Une étude suédoise publiée dans les colonnes de Lancet Public Health pointe les risques accrus de démence des footballeurs, par rapport au reste de la population.Seuls les gardiens de but sont épargnés par la survenue précoce de ces troubles dégénératifs.
Depuis plusieurs années, la question des risques sur la santé des sportifs de haut niveau, notamment après leur carrière, revient de plus en plus fréquemment au cœur de l'actualité. L'intensité, les rythmes de travail et les chocs sont tels que plusieurs chercheurs mettent en garde sur les dangers à long terme, aussi bien sur le plan physique que psychologique.

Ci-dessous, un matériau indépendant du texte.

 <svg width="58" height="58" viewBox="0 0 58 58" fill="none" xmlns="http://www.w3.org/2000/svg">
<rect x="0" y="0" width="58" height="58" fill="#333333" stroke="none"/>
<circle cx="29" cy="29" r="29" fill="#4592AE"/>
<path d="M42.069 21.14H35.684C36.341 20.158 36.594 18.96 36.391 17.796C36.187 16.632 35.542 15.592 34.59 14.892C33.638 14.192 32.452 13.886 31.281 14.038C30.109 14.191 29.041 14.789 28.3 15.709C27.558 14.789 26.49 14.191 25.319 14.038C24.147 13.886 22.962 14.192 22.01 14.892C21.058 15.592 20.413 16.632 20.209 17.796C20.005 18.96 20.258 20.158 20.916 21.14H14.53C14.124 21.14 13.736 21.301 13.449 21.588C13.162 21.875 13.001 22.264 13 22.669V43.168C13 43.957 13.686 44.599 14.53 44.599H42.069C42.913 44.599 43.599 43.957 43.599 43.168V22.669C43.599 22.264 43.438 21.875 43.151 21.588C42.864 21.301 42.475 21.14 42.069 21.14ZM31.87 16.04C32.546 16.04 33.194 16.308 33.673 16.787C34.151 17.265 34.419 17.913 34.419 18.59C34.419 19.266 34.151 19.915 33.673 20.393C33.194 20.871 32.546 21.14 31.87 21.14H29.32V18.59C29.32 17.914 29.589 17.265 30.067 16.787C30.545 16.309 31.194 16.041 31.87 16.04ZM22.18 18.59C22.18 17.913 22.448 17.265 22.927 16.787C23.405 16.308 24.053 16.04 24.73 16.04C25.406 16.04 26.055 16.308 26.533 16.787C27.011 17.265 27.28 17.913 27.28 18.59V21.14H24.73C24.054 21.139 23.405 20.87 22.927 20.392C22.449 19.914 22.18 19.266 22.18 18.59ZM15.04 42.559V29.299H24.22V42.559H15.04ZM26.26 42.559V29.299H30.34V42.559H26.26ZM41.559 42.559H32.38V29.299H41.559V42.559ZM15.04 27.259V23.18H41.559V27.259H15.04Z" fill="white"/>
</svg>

Ce n'est d'ailleurs pas un hasard si un "protocole commotion" a été instauré puis développé, même s'il est encore largement perfectible, dans certains sports comme le rugby.

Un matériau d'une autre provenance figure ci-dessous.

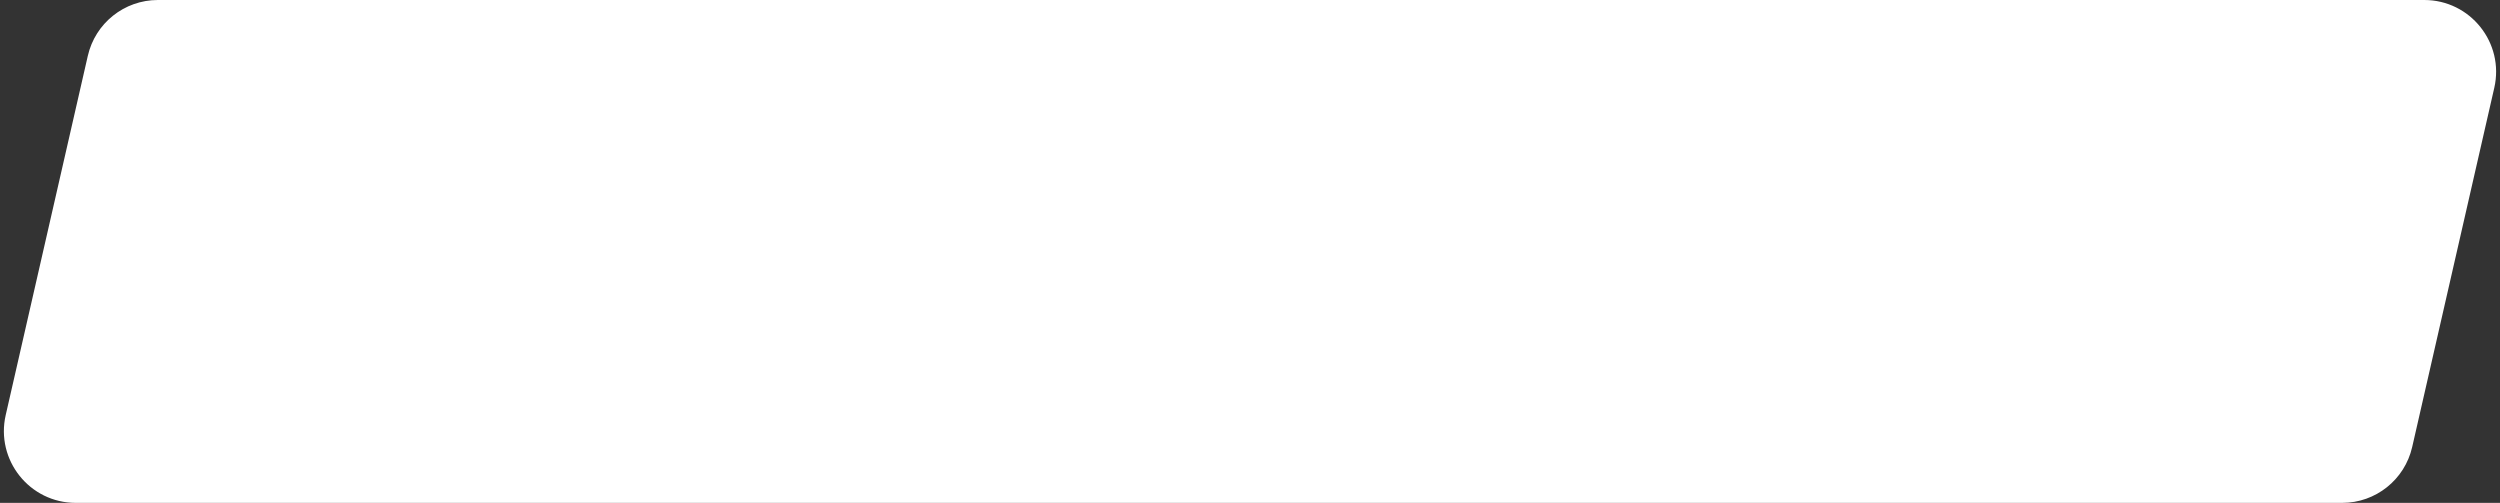 <?xml version="1.0" encoding="UTF-8"?> <svg xmlns="http://www.w3.org/2000/svg" width="174" height="35" viewBox="0 0 174 35" fill="none"><rect x="0" y="0" width="174" height="35" fill="#333333" stroke="none"/> <path d="M6.112 3.886C6.631 1.612 8.654 0 10.986 0H168.728C171.939 0 174.318 2.984 173.602 6.114L167.888 31.114C167.369 33.388 165.346 35 163.014 35H5.272C2.061 35 -0.318 32.016 0.398 28.886L6.112 3.886Z" fill="white"></path> </svg>

Mais le travail en la matière, pour réussir à concilier performance et protection des joueurs, reste immense. Témoin de ce système encore lacunaire : les footballeurs ont un risque plus élevé que la population générale de développer une démence. C'est ce que révèle une nouvelle étude suédoise d'envergure, publiée le 16 mars dernier dans la revue scientifique The Lancet Public Health. Celle-ci apporte "une preuve convaincante" du lien entre le sport le plus populaire au monde - pratiqué en compétition par 265 millions de personnes dans plus de 200 pays - et ce type de troubles cérébraux.
Un risque 1,5 fois plus élevé
Les chercheurs sont parvenus à une telle conclusion après avoir analysé les dossiers médicaux de plus de 6000 joueurs ayant évolué en première division suédoise de 1924 à 2019, dont environ 500 gardiens de but. Ils ont ensuite comparé le taux de survenue de troubles dégénératifs du cerveau de cet échantillon à celui de 56.000 Suédois. Il en ressort que les joueurs de football ont un risque 1,5 fois plus élevé qu'une personne lambda de développer des maladies comme Alzheimer ou d'autres types de démence.
"Cette recherche conforte l'hypothèse selon laquelle le jeu de tête explique ce lien" entre football et maladies cérébrales, souligne le principal auteur de l'étude*, Peter Ueda, du Karolinska Institutet suédois, à l'AFP. D'ailleurs, les scientifiques notent que les gardiens de but font exception, étant donné qu'ils n'effectuent habituellement pas de tête, alors même qu'ils "partagent avec les joueurs de champ des spécificités propres aux footballeurs". En revanche, le délai d'occurrence théorique entre la carrière du joueur et la survenue des symptômes étudiés est, généralement, très long.
Nous devons agir pour protéger la tête et le cerveau des joueurs afin que le jeu se poursuive
Pr Gill Livingston
Pour les experts, de meilleurs équipements, formations et entraînements permettraient, dans une certaine mesure, de rendre le football plus sûr pour les joueurs professionnels modernes. "Mais on peut aussi imaginer que les joueurs actuels sont exposés à un football intense dès le plus jeune âge, et qu'ainsi le risque est encore plus élevé pour eux", notent-ils. "Nous devons agir pour protéger la tête et le cerveau des joueurs afin que le jeu se poursuive", abonde le Pr Gill Livingston, professeur en psychiatrie pour les personnes âgées au University College de Londres et qui n'a pas participé à cette étude.
Au contraire, les données ne témoignent d'aucun risque accru pour les joueurs de football de développer des maladies neuromotrices, comme la maladie de Charcot (ALS). Mieux, elles dénotent même une plus faible incidence de la maladie de Parkinson. En outre, les joueurs professionnels auraient une espérance de vie légèrement supérieure à la moyenne, ce qui s'expliquerait par une meilleure forme physique et un statut socio-économique plus élevé des individus concernés.
En 2019 déjà, des chercheurs écossais suggéraient que les footballeurs avaient 3,5 fois plus de risques que la population générale de développer des troubles dégénératifs du cerveau.
*Ces résultats ne s'étendent pas aux femmes et aux joueurs amateurs ou juniors.